Are you sure it is native? doesn’t look native to me. It doesn’t seem to use any of the native OS X widgets. It could be pretty much ported using Wine but with hacks to render the menu in OS X menubar.
It definitely doesn’t look and feel native — it looks a little bit like really bad GTK theme. The scrollbars are particularly weird. But upon looking in the bundle and noticing that it uses breakpad (which is also used in firefox, chrome and last.fm), dcraw and keystone (for the updater), I cannot discover anything. The main executable is a carbon thing, and there are a number of nib files around. There are no tell-tale signs of statically linked toolkits either, although there are many references to windows-specific code (especially registry handling) left.

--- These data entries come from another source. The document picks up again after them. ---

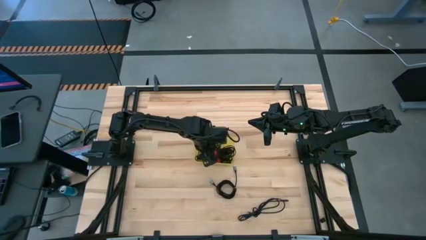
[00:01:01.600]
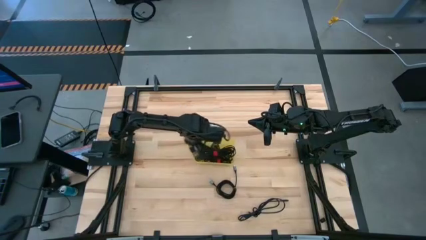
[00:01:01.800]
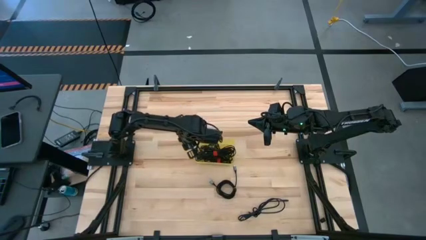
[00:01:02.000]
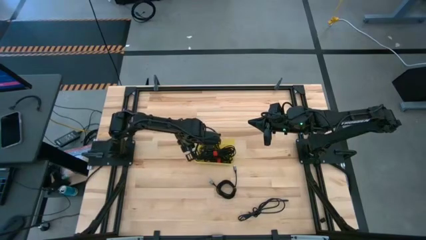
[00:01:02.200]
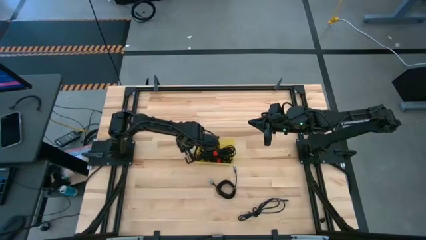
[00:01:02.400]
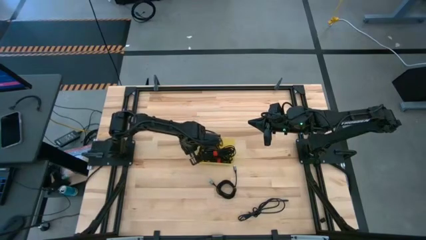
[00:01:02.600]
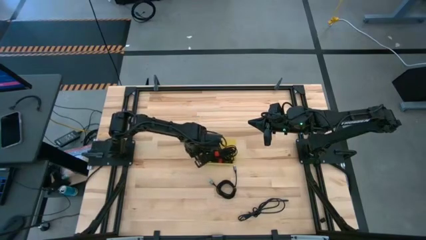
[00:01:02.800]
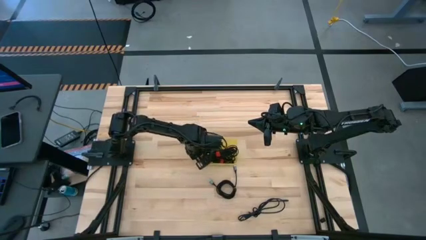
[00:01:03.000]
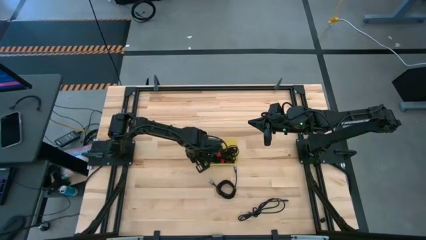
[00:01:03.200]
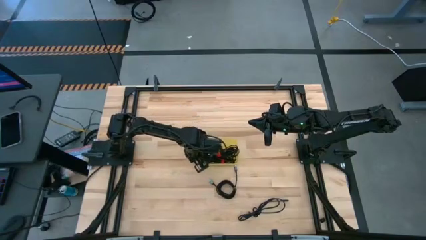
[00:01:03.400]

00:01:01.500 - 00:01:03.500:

Not sure what to conclude from that — apart from that it looks and feels totally out of place and sort of handles icky.
Native in the sense that it’s a mac app, not a “crossover” like solution.

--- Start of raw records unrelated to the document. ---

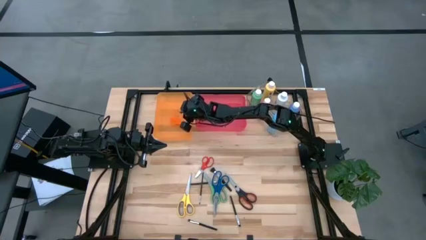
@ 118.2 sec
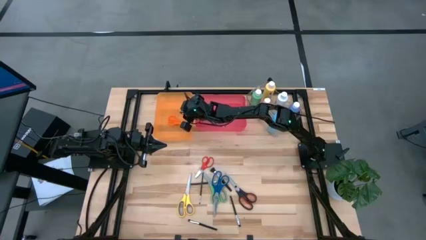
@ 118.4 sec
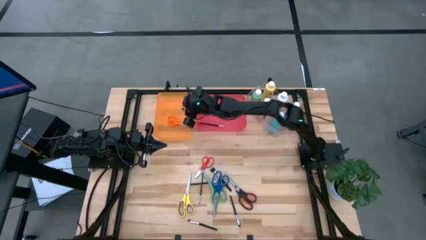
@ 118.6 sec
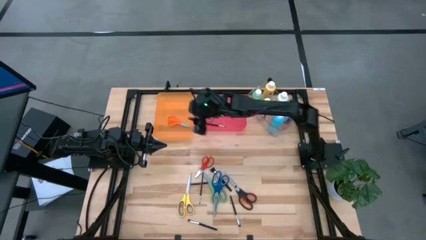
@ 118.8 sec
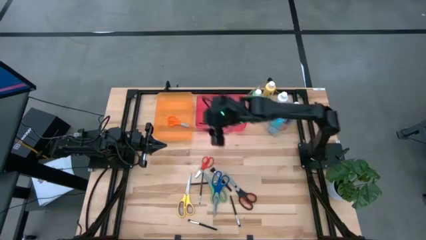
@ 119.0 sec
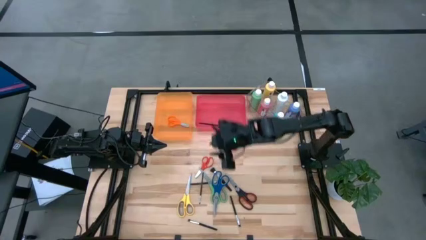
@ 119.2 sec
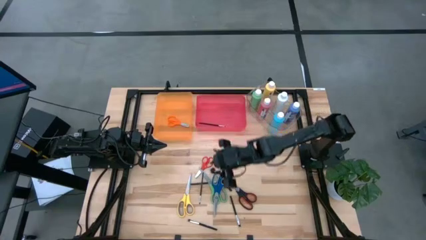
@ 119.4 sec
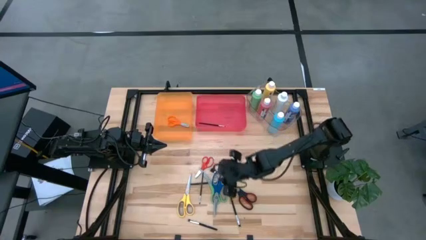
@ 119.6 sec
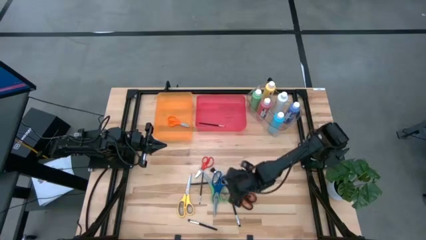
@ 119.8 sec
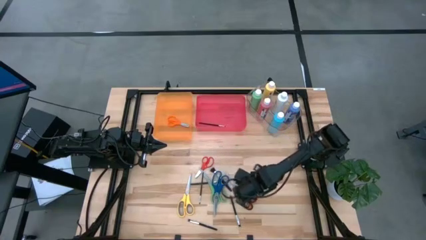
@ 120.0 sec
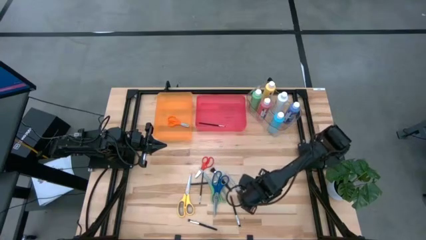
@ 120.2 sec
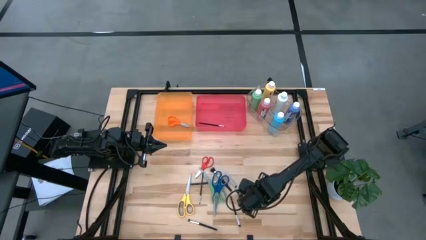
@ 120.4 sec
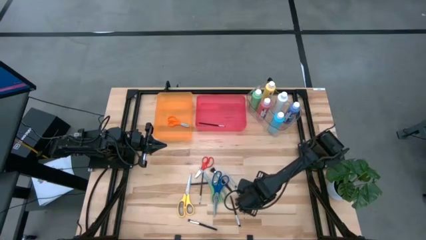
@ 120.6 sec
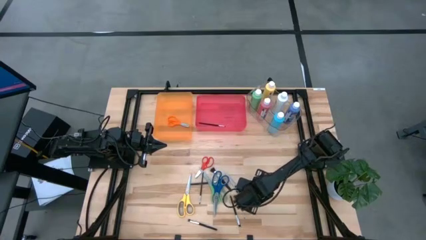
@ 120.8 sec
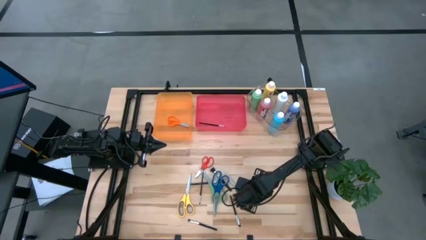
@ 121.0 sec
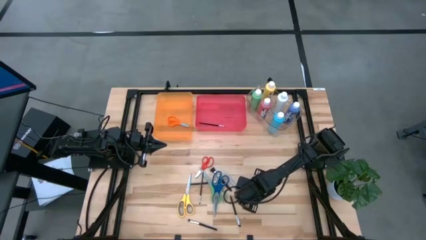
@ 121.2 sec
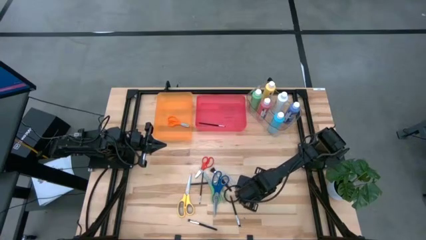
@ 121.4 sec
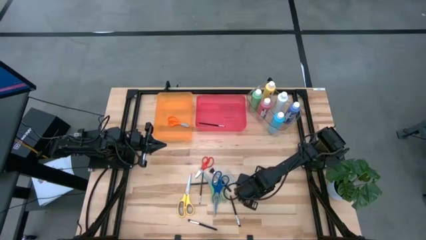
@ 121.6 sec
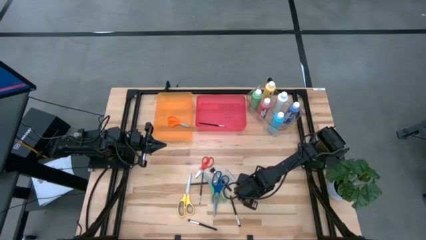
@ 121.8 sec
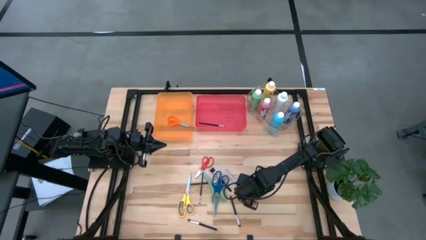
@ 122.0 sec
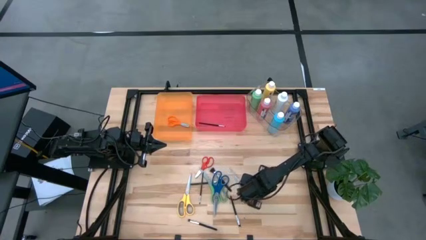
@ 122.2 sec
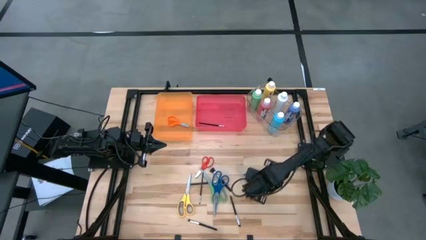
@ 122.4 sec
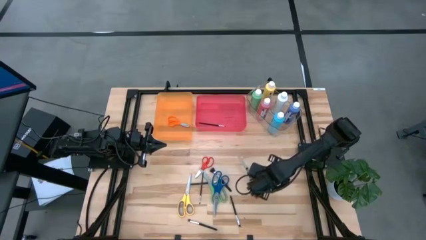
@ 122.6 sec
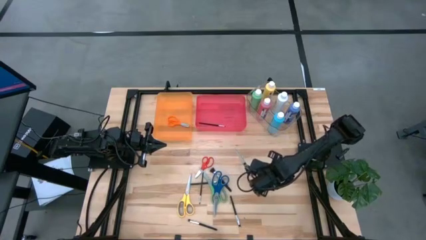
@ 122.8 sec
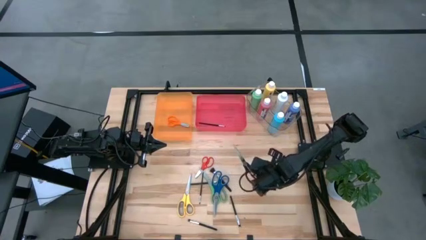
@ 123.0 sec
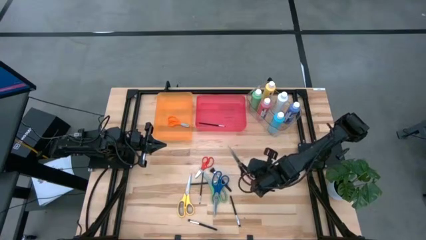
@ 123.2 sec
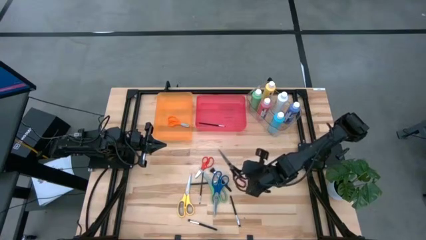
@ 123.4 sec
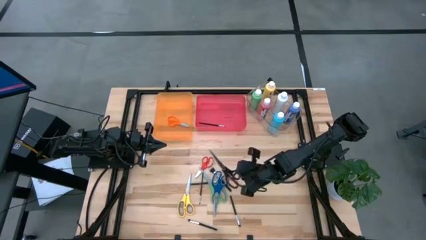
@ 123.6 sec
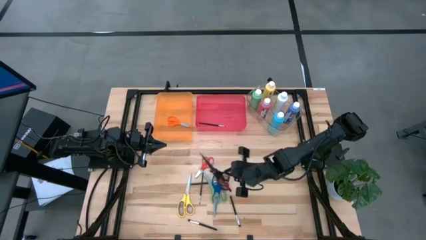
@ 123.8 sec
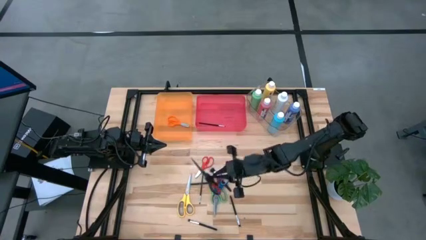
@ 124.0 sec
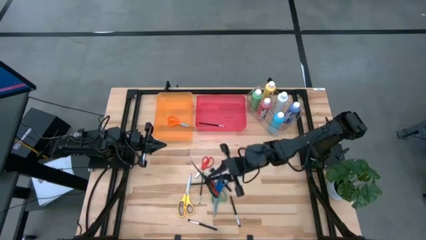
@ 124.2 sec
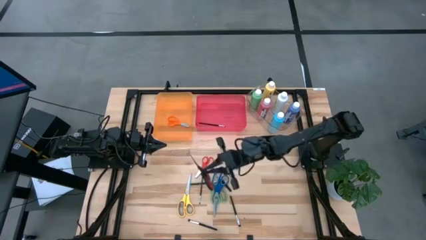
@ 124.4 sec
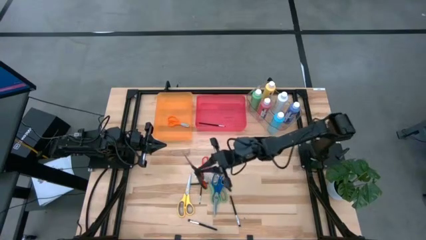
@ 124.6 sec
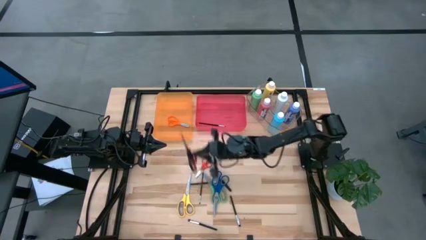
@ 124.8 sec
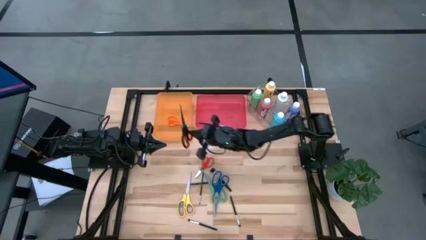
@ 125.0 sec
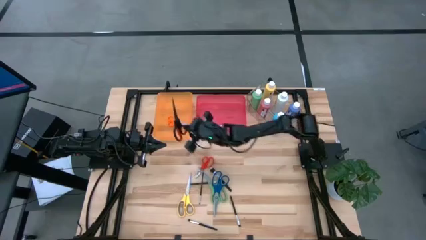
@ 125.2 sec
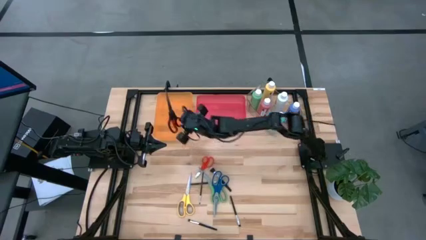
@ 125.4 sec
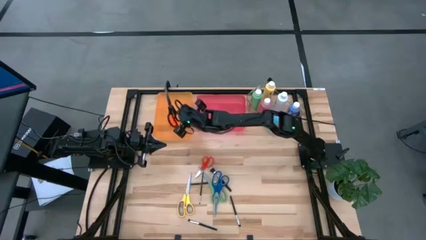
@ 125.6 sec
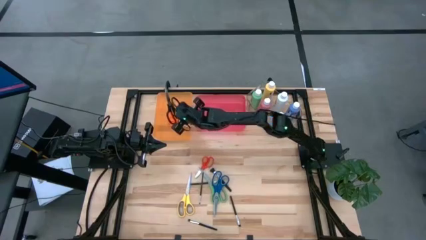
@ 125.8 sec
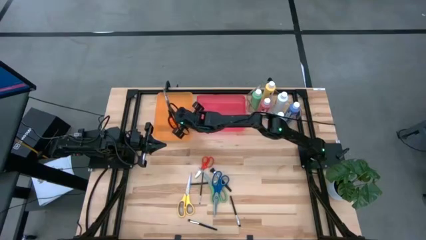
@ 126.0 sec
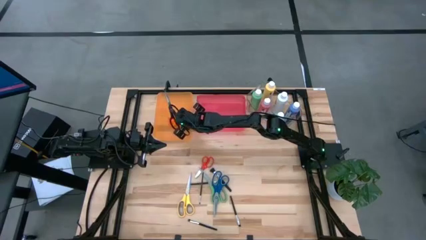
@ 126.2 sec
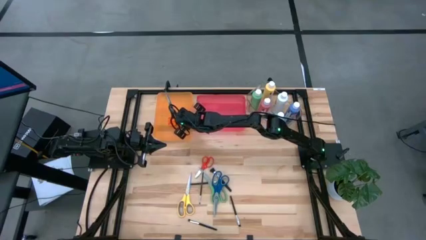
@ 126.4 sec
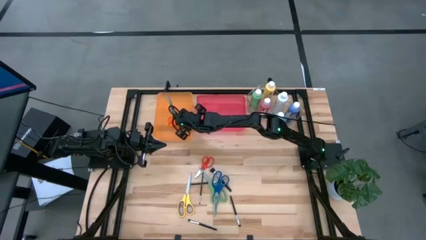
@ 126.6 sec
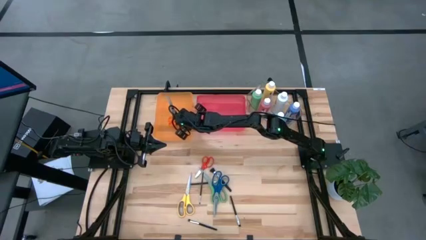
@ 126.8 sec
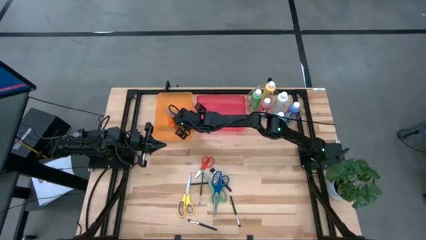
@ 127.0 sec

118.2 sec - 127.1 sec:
Task: Pick & Place Paint Supplies
Put the black scissors into the orange bin

Doesn’t DarWINE handle everything that WINE handles?
As soon as I saw the requirements for Intel processors, I figured they’d just did the simplest of porting to get Picasa on Macs through WINE, which is about what we also got on Linux, it seems.
This means a lot of people will have downloaded it, saw the look of it, complained about it, and removed it by now. “It’s not a Macintosh application.” they’ll whine, because it doesn’t look 100 % like iPhoto.
I’m happy to see Google applications run on Linux. I don’t understand why you’re so negative about applications that make use of wine. The fact is Picasa runs quite well with wine, which is a testament to the many thousands of hours that the wine developers have put into their project.
Linux users whinning about not taking the whole attention? even with their sub 1% desktop market share?
You don’t say.
Okay, maybe it doesn’t follow the official Apple interface guidelines, and maybe the widgets aren’t 100% native…
But after playing with the Mac beta for Picassa, I’m pretty pleased with it. It does a lot more than iPhoto, and doesn’t leave me feeling like the software is treating me like an idiot “for my own good”.
The true test will be my wife, who has been unhappy with iPhoto’s limitations for some time now.
This is Win crap, I’m surprised they’re proud to release this.
Just to chime in here a little. Those buttons and scroll widgets are not native Windows either. They’re native Picasa, probably built from some other multi environment toolkit. This wasn’t a real native looking Windows application (where it uses native Win32 widgets etc.) – actually looks like something from Linux.
So don’t get too caught up into those scroll items (at least the scrollers on the left are Mac native, Windows version just has these custom jobs all around). The windows version doesn’t have a tab interface for Import and Library either (that’s different). The folders colors, appearance and perspective are different from Windows as well.
Edited 2009-01-07 20:09 UTC
It sounds like you don’t have the latest version of Picassa for Windows. Those tabs are there.